Try it
Pictures appear in the records below; write out everything else exactly.

Materials provided
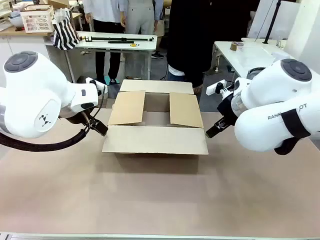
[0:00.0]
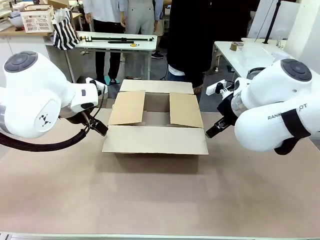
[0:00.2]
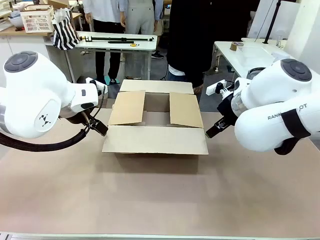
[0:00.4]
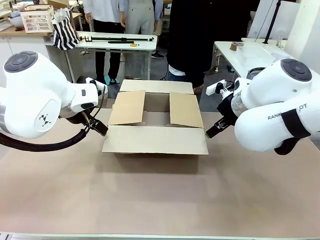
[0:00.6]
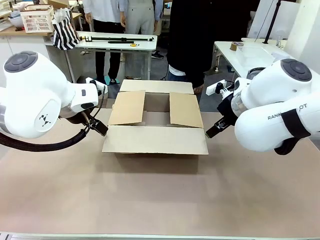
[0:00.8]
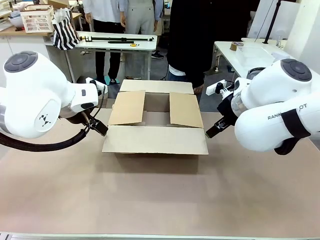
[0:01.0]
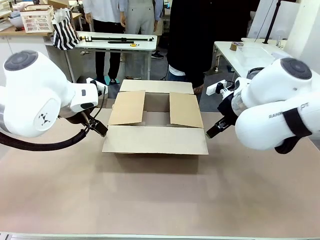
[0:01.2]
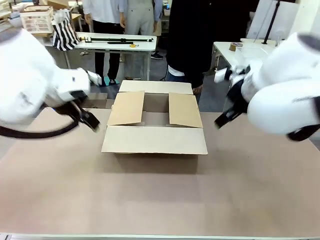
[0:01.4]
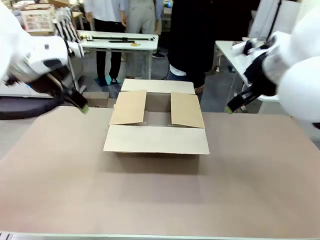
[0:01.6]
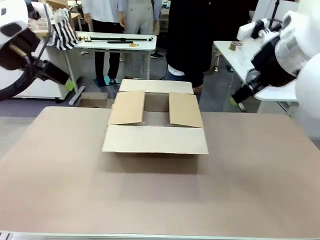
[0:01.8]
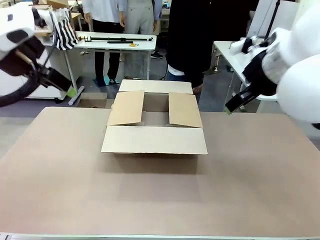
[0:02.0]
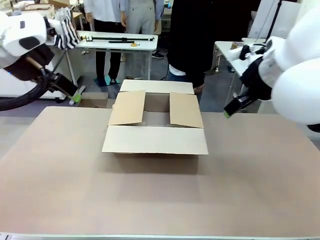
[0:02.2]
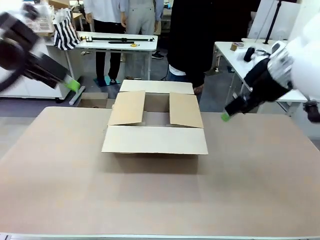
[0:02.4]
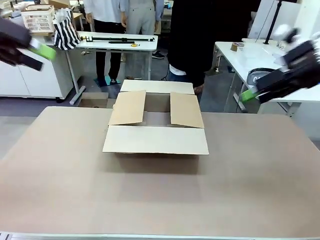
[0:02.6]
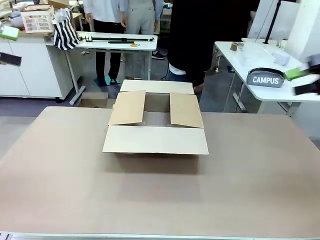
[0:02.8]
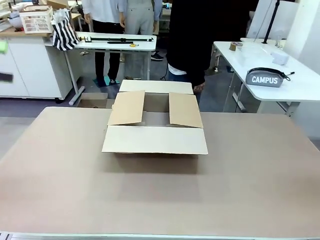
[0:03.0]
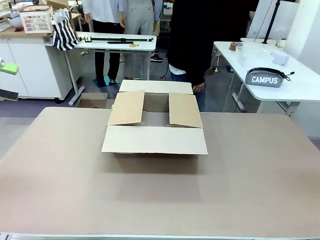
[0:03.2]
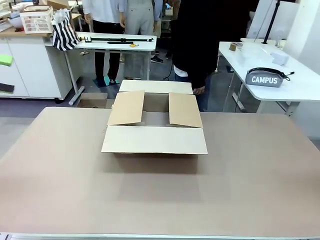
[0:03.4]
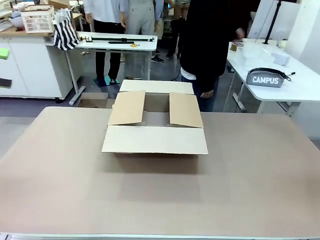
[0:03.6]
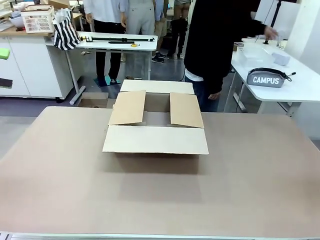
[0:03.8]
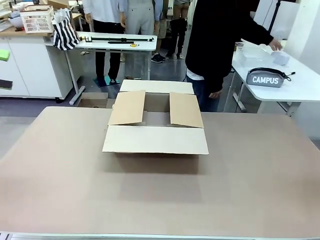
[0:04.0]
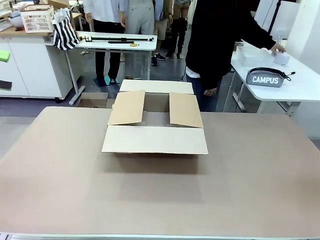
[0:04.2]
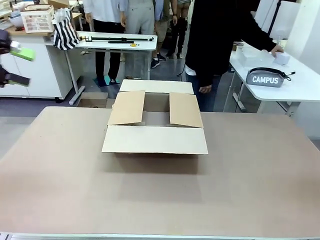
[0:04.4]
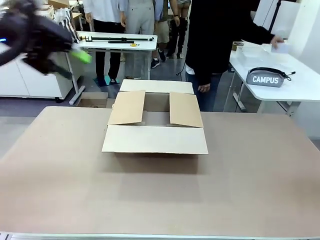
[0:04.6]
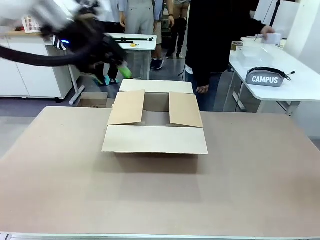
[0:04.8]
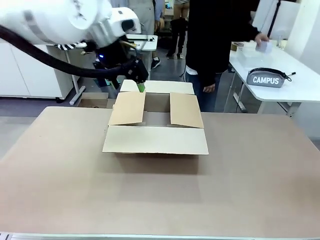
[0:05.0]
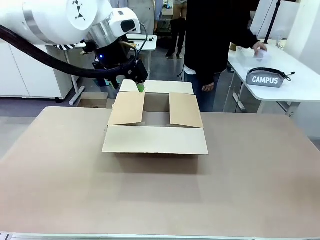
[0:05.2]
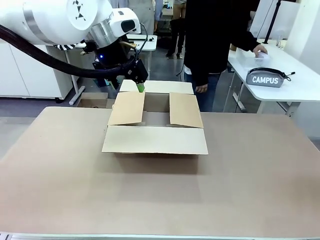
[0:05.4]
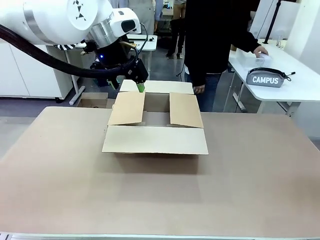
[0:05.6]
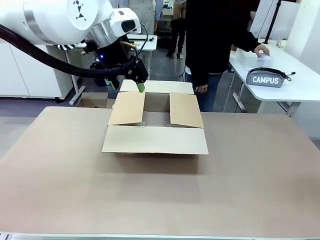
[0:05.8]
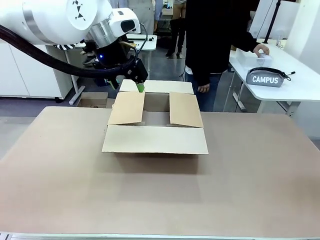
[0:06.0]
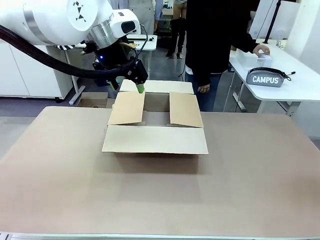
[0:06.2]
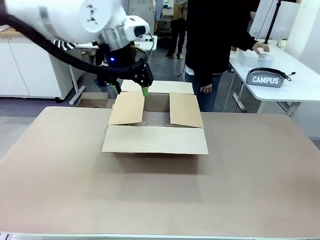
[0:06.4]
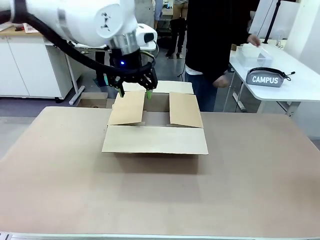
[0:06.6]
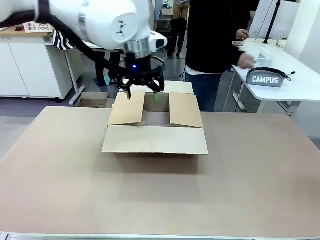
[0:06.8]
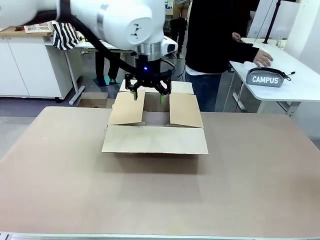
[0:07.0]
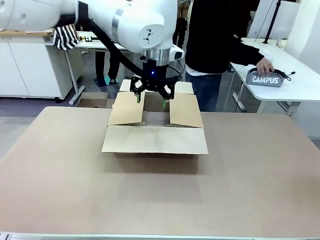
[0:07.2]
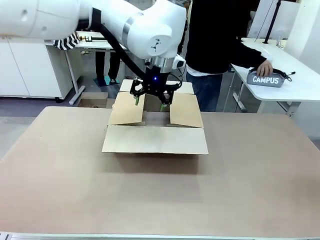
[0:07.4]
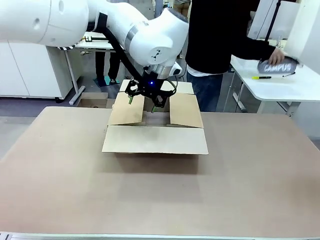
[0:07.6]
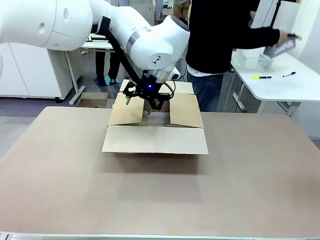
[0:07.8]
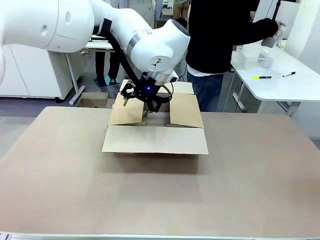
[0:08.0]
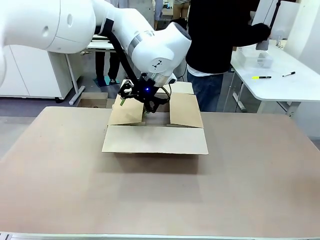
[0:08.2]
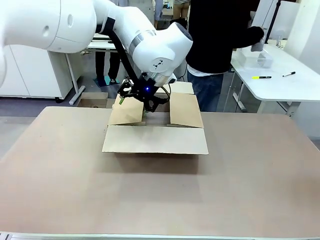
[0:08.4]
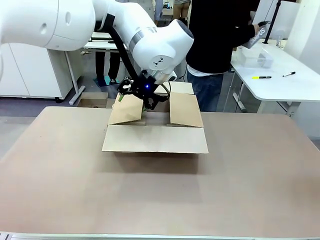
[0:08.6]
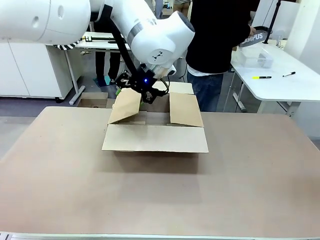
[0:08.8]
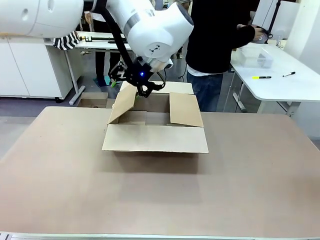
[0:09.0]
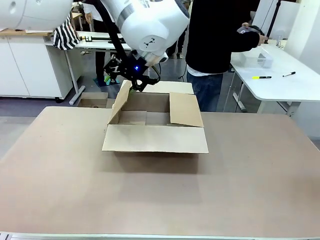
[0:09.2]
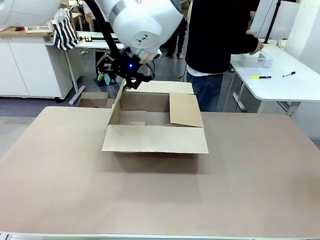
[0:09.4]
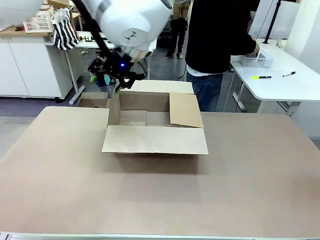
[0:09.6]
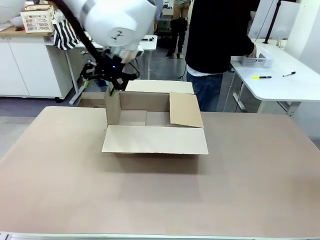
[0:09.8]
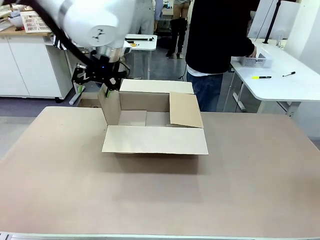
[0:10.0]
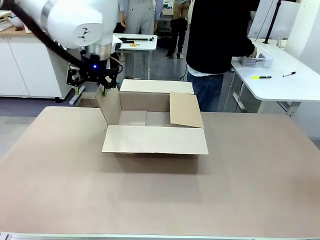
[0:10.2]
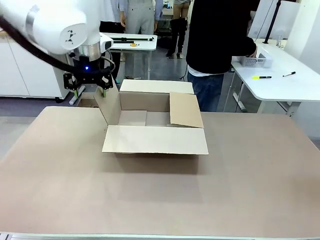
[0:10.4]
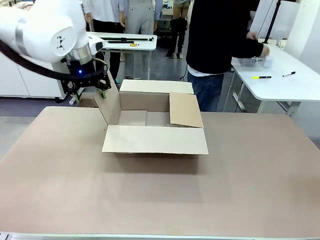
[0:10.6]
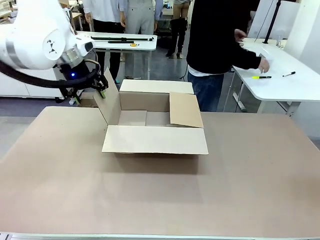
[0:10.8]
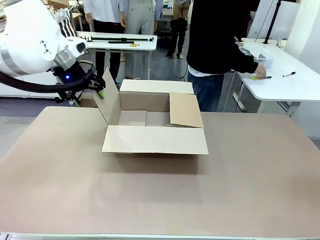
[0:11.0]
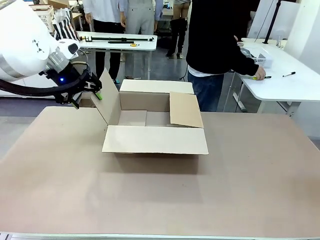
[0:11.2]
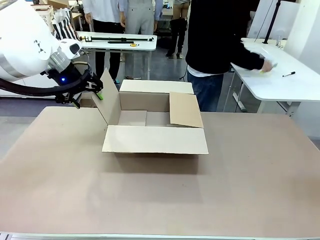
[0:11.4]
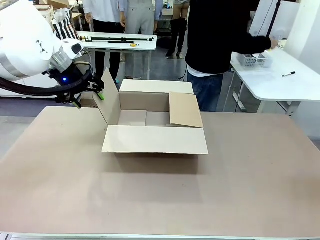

Completed task
[0:00.0]
[0:00.2]
[0:00.4]
[0:00.6]
[0:00.8]
[0:01.0]
[0:01.2]
[0:01.4]
[0:01.6]
[0:01.8]
[0:02.0]
[0:02.2]
[0:02.4]
[0:02.6]
[0:02.8]
[0:03.0]
[0:03.2]
[0:03.4]
[0:03.6]
[0:03.8]
[0:04.0]
[0:04.2]
[0:04.4]
[0:04.6]
[0:04.8]
[0:05.0]
[0:05.2]
[0:05.4]
[0:05.6]
[0:05.8]
[0:06.0]
[0:06.2]
[0:06.4]
[0:06.6]
[0:06.8]
[0:07.0]
[0:07.2]
[0:07.4]
[0:07.6]
[0:07.8]
[0:08.0]
[0:08.2]
[0:08.4]
[0:08.6]
[0:08.8]
[0:09.0]
[0:09.2]
[0:09.4]
[0:09.6]
[0:09.8]
[0:10.0]
[0:10.2]
[0:10.4]
[0:10.6]
[0:10.8]
[0:11.0]
[0:11.2]
[0:11.4]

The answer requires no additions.